Tuesday, December 15, 2015

Cheesey Mixed Vegetable Caserole


This side dish is wonderfully delicious!  I love the addition of sliced water chestnuts for crunchiness, and the cracker/butter topping is perfect. 

I tweaked a recipe of Paula Deen's, found in her Paula Deen's Kitchen Classics
cookbook...


She used a can of Veg-All....I cooked a bag of frozen mixed vegetables.

Instead of using 3/4 c. mayonnaise, I used a can of cream corn and about 1/4 c. mayo for creaminess. 

I also sauteed the celery and onion. 

I had this in the oven in less than 15 minutes. As the veggies cook, you can grate the cheese, open the corn and saute the celery and onion. 

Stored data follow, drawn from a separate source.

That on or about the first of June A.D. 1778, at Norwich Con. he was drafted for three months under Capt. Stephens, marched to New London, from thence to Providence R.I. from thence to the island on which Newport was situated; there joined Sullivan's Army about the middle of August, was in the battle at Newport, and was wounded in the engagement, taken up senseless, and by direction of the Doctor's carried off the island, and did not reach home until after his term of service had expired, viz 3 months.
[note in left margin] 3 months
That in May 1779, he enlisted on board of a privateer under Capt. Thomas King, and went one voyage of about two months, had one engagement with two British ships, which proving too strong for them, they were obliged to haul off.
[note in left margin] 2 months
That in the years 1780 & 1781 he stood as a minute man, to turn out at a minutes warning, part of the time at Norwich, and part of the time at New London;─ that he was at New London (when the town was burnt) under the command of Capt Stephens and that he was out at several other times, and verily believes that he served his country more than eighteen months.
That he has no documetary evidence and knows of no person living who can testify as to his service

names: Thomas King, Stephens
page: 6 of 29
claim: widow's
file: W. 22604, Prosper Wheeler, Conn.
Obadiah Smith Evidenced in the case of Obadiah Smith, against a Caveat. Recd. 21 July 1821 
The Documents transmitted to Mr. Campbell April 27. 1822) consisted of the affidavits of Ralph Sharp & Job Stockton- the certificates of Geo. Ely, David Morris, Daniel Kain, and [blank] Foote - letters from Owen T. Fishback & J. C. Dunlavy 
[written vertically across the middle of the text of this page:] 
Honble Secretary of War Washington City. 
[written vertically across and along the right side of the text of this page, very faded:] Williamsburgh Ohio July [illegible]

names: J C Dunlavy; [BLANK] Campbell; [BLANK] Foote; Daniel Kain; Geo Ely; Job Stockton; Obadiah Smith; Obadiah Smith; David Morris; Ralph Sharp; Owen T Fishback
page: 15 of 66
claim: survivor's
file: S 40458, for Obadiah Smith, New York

It would go perfectly with any meat. We enjoyed it with meatloaf. 



MIXED VEGETABLE CASSEROLE

1 - 1# bag frozen mixed vegetables, cooked el dente
1 (8 ozs) can sliced water chestnuts, rinsed and drained
3/4 c. chopped celery 
1/2 sm. onion, chopped
1 Tb. oil (I like coconut)
1 can (15 ozs) creamed corn
1/4 c. mayonnaise
1 c. grated (sharp) cheddar cheese 
20 Ritz crackers, crushed
2 Tb. melted butter 

Preheat oven to 350. Grease 1-1/2 qt. casserole dish; set aside.

In medium saucepan, cook vegetables; drain; set aside.
In same saucepan, heat oil; saute celery and onions in oil for 
about 8 minutes, stirring often. 

In large bowl, combine vegetables, chestnuts, corn, mayo & cheese. Pour into prepared baking dish; bake for 30 minutes, uncovered. 

While casserole is baking, combine cracker crumbs and melted butter; blend well.  Sprinkle over top of casserole after 30 minutes of baking; return to oven to bake about 8 minutes longer or until browned and bubbly.